The data below should be restated word for word, pictures omitted.

[Opening Source data section]

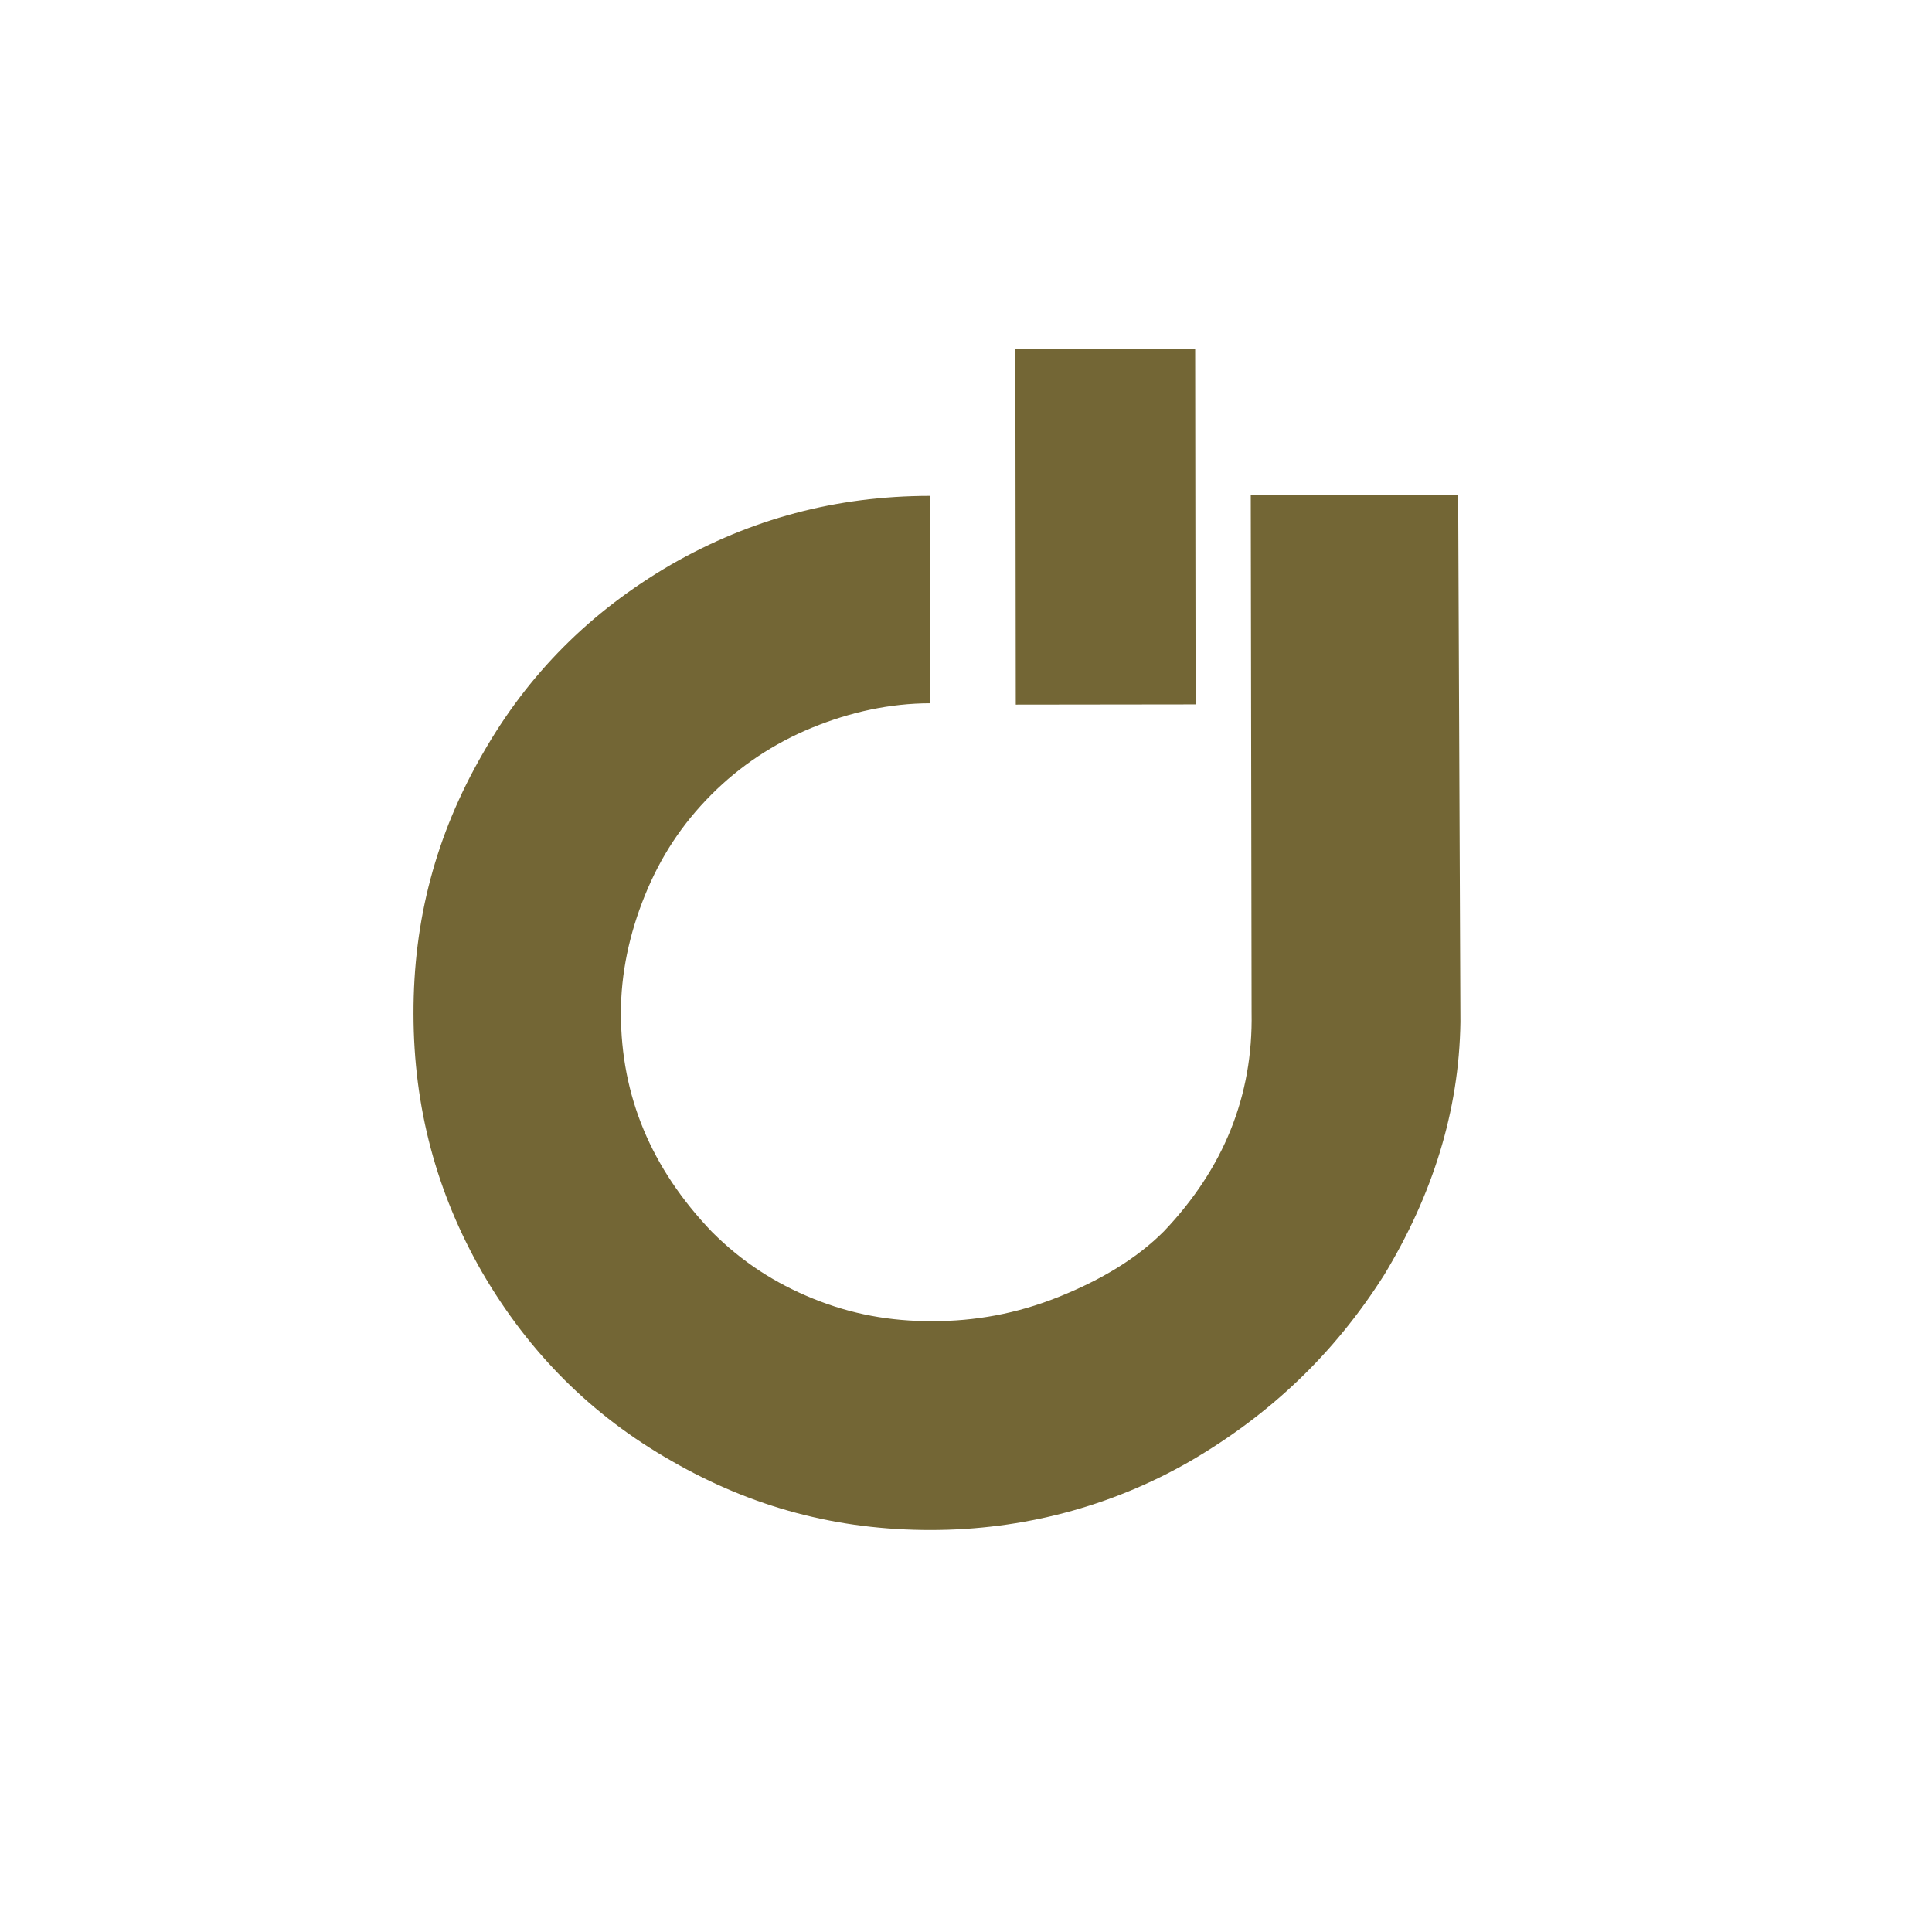 <svg xmlns="http://www.w3.org/2000/svg" width="568.8" height="568.801" viewBox="0 0 568.8 568.801">
  <path fill="#736635" d="M351.868,102.618l0.127,104.762l-52.94,0.066l-0.121-104.758L351.868,102.618z 
    M407.5,375.373c-14.592,23.029-33.396,41.029-57.204,54.877
    c-23.393,13.42-49.313,20.156-76.082,20.201c-27.602,0.041-52.709-6.611-76.568-20.375
    c-23.437-13.338-41.873-31.711-55.712-55.525c-13.42-23.396-20.153-48.48-20.194-76.082
    c-0.046-27.601,6.604-52.708,20.365-76.567c13.348-23.441,31.721-41.871,55.531-55.715
    c23.398-13.418,48.482-20.148,76.085-20.197l0.095,61.057c-11.707,0.02-23.414,2.553-34.697,7.17
    c-11.28,4.621-21.311,11.326-29.662,19.705c-8.768,8.795-15.023,18.424-19.605,29.725
    c-4.584,11.297-7.072,23.011-7.053,34.724c0.041,24.252,8.855,45.566,26.872,64.365
    c8.788,8.762,18.422,15.018,29.723,19.6c11.3,4.584,22.595,6.658,35.14,6.641
    c12.547-0.029,24.672-2.145,37.211-7.176c12.54-5.035,22.981-11.33,30.917-19.289
    c17.536-18.424,26.281-39.771,25.817-64.441l-0.242-152.235l61.062-0.092l0.665,155.153
    C429.586,327.236,421.68,351.927,407.5,375.373z"/>
</svg>

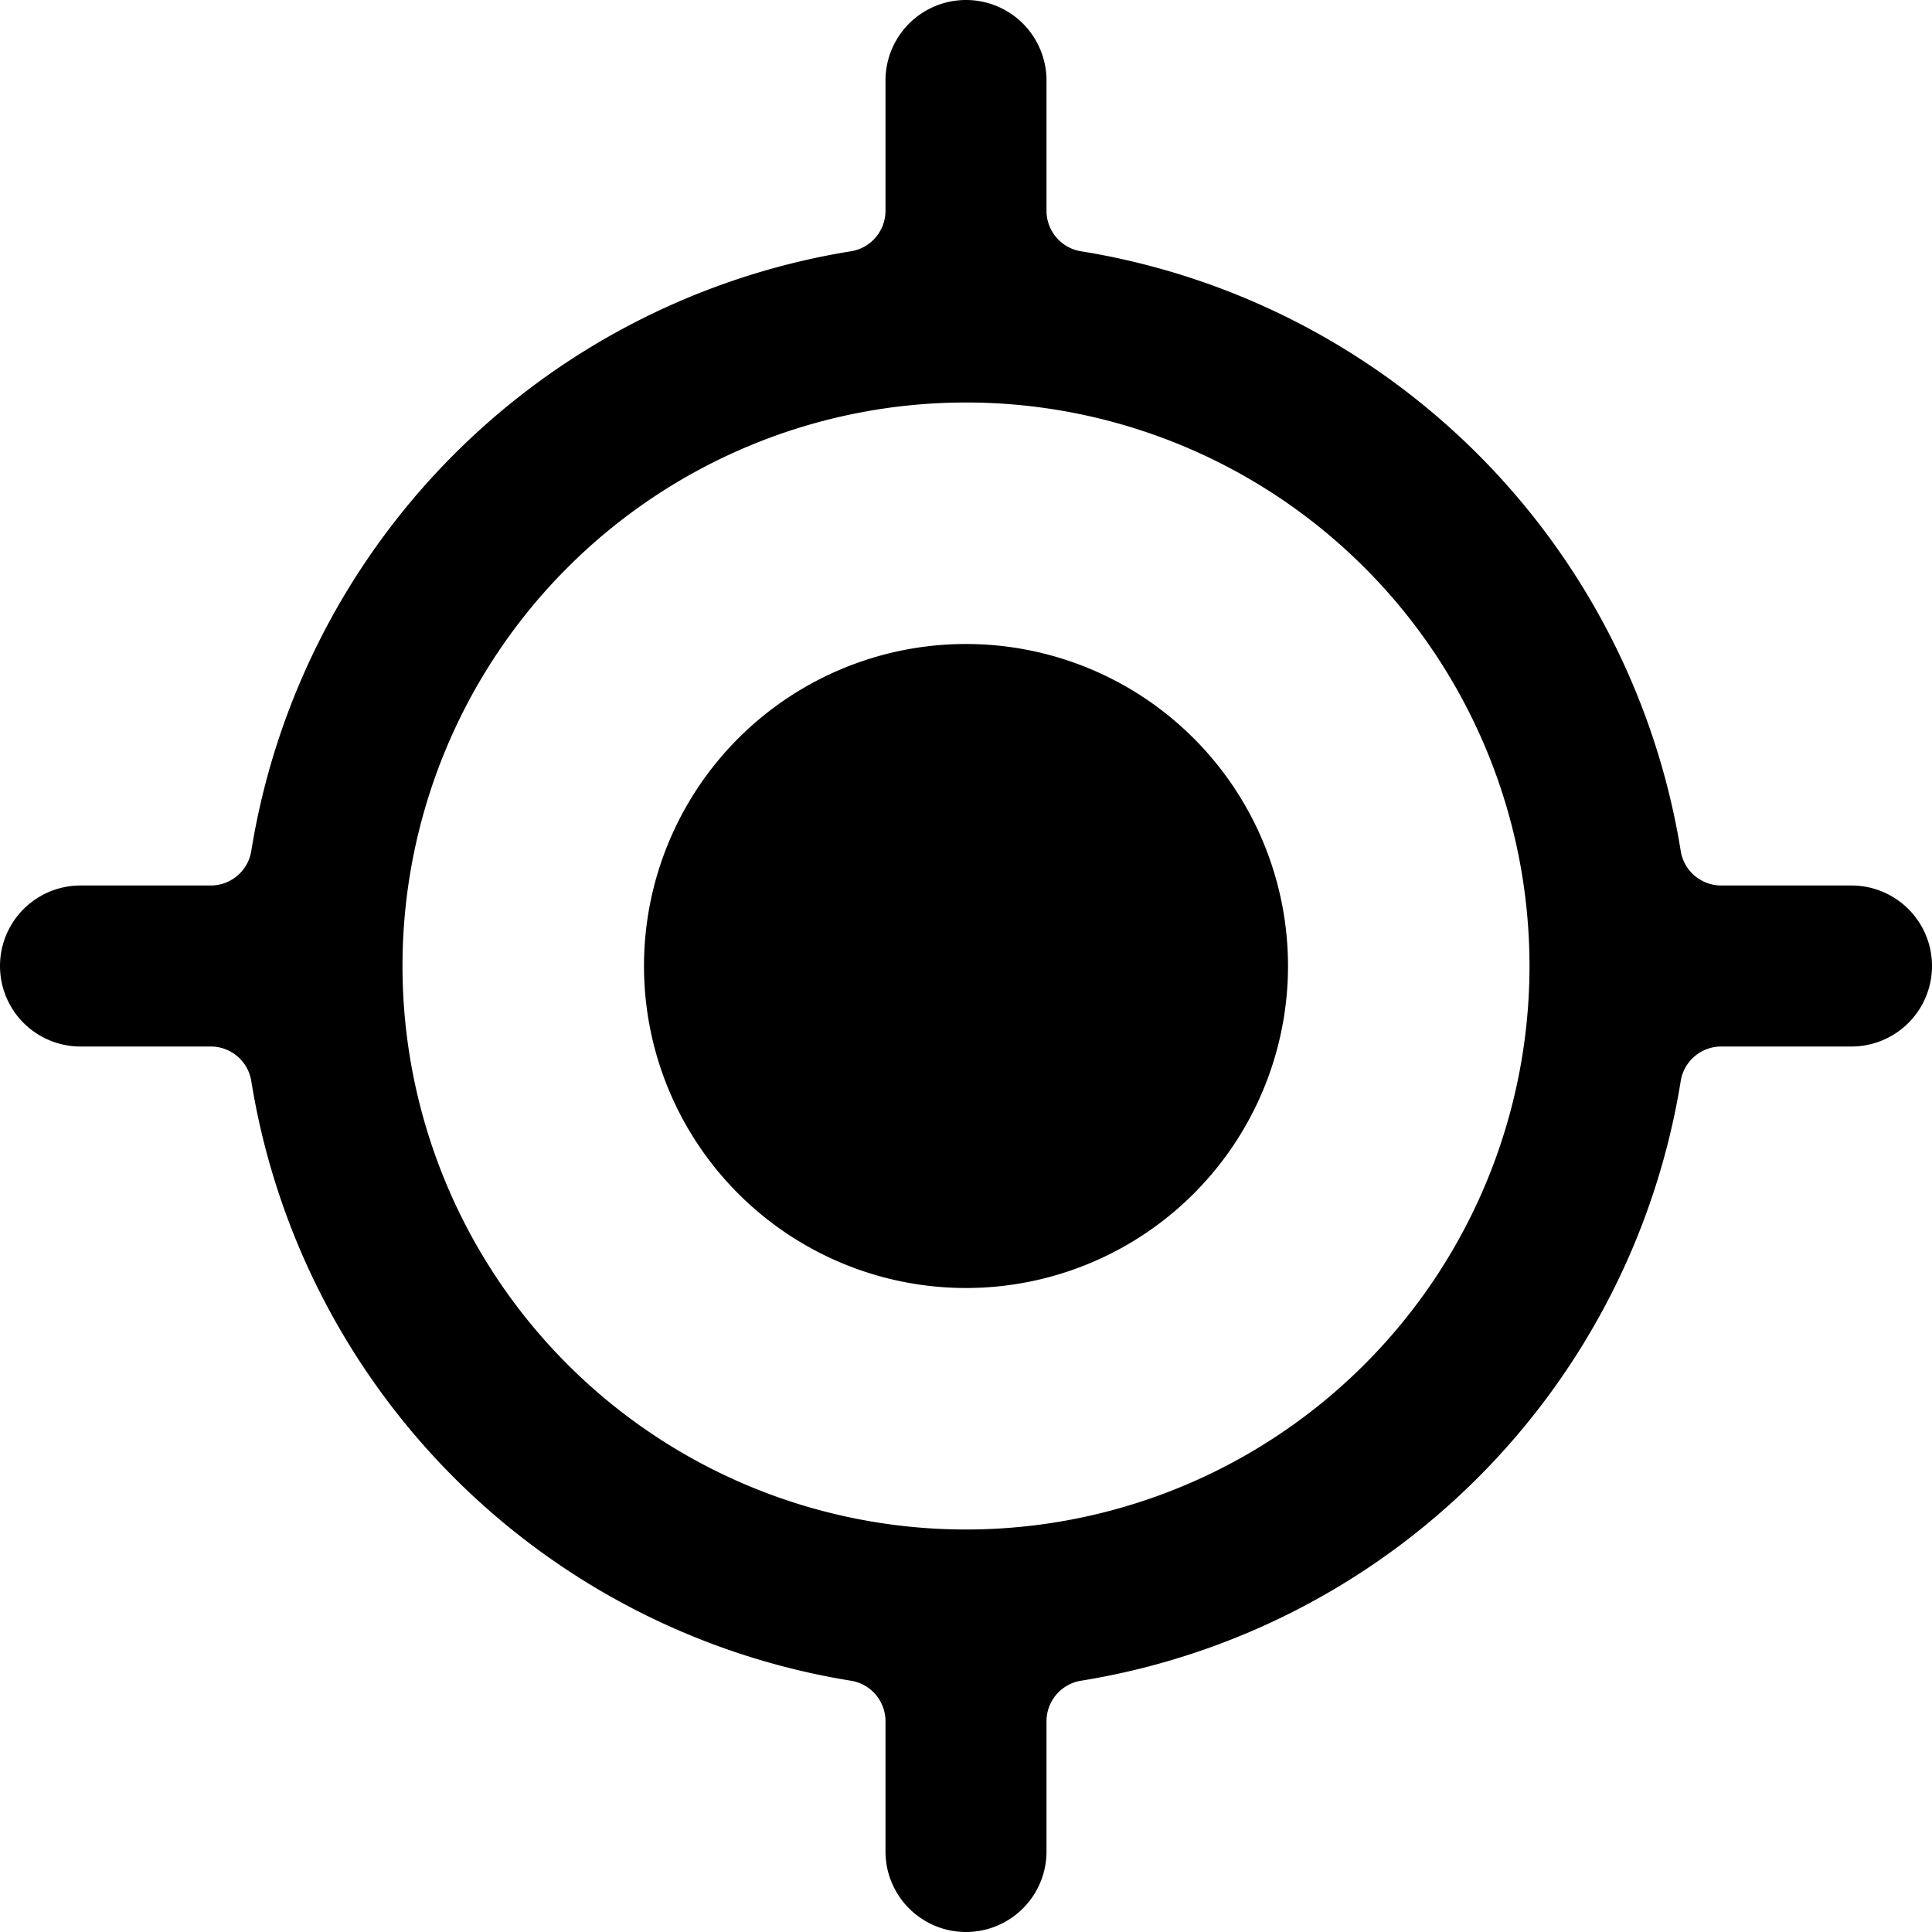 <svg xmlns="http://www.w3.org/2000/svg" viewBox="0 0 24 24"><g><path d="M8 12a4 4 0 1 0 8 0 4 4 0 1 0 -8 0" fill="#000000" stroke-width="1"></path><path d="M23 11h-1.62a0.51 0.51 0 0 1 -0.5 -0.42 9 9 0 0 0 -7.46 -7.46 0.51 0.51 0 0 1 -0.42 -0.5V1a1 1 0 0 0 -2 0v1.62a0.51 0.51 0 0 1 -0.42 0.5 9 9 0 0 0 -7.46 7.46 0.51 0.51 0 0 1 -0.5 0.42H1a1 1 0 0 0 0 2h1.62a0.51 0.51 0 0 1 0.5 0.42 9 9 0 0 0 7.46 7.46 0.51 0.51 0 0 1 0.42 0.5V23a1 1 0 0 0 2 0v-1.62a0.51 0.51 0 0 1 0.42 -0.5 9 9 0 0 0 7.46 -7.46 0.51 0.51 0 0 1 0.5 -0.42H23a1 1 0 0 0 0 -2Zm-11 8a7 7 0 1 1 7 -7 7 7 0 0 1 -7 7Z" fill="#000000" stroke-width="1"></path></g></svg>

[Closing Source data section]

• **Answer area**
 <svg xmlns="http://www.w3.org/2000/svg" width="568.8" height="568.801" viewBox="0 0 568.8 568.801">
  <path fill="#736635" d="M351.868,102.618l0.127,104.762l-52.94,0.066l-0.121-104.758L351.868,102.618z 
    M407.5,375.373c-14.592,23.029-33.396,41.029-57.204,54.877
    c-23.393,13.42-49.313,20.156-76.082,20.201c-27.602,0.041-52.709-6.611-76.568-20.375
    c-23.437-13.338-41.873-31.711-55.712-55.525c-13.42-23.396-20.153-48.48-20.194-76.082
    c-0.046-27.601,6.604-52.708,20.365-76.567c13.348-23.441,31.721-41.871,55.531-55.715
    c23.398-13.418,48.482-20.148,76.085-20.197l0.095,61.057c-11.707,0.02-23.414,2.553-34.697,7.17
    c-11.28,4.621-21.311,11.326-29.662,19.705c-8.768,8.795-15.023,18.424-19.605,29.725
    c-4.584,11.297-7.072,23.011-7.053,34.724c0.041,24.252,8.855,45.566,26.872,64.365
    c8.788,8.762,18.422,15.018,29.723,19.6c11.3,4.584,22.595,6.658,35.14,6.641
    c12.547-0.029,24.672-2.145,37.211-7.176c12.54-5.035,22.981-11.33,30.917-19.289
    c17.536-18.424,26.281-39.771,25.817-64.441l-0.242-152.235l61.062-0.092l0.665,155.153
    C429.586,327.236,421.68,351.927,407.5,375.373z"/>
</svg>

 <svg xmlns="http://www.w3.org/2000/svg" viewBox="0 0 24 24"><g><path d="M8 12a4 4 0 1 0 8 0 4 4 0 1 0 -8 0" fill="#000000" stroke-width="1"></path><path d="M23 11h-1.62a0.51 0.51 0 0 1 -0.5 -0.42 9 9 0 0 0 -7.46 -7.46 0.51 0.51 0 0 1 -0.42 -0.5V1a1 1 0 0 0 -2 0v1.62a0.51 0.51 0 0 1 -0.42 0.5 9 9 0 0 0 -7.46 7.46 0.51 0.51 0 0 1 -0.5 0.42H1a1 1 0 0 0 0 2h1.62a0.51 0.51 0 0 1 0.5 0.42 9 9 0 0 0 7.46 7.46 0.51 0.51 0 0 1 0.42 0.5V23a1 1 0 0 0 2 0v-1.62a0.51 0.51 0 0 1 0.42 -0.5 9 9 0 0 0 7.46 -7.46 0.51 0.51 0 0 1 0.5 -0.42H23a1 1 0 0 0 0 -2Zm-11 8a7 7 0 1 1 7 -7 7 7 0 0 1 -7 7Z" fill="#000000" stroke-width="1"></path></g></svg>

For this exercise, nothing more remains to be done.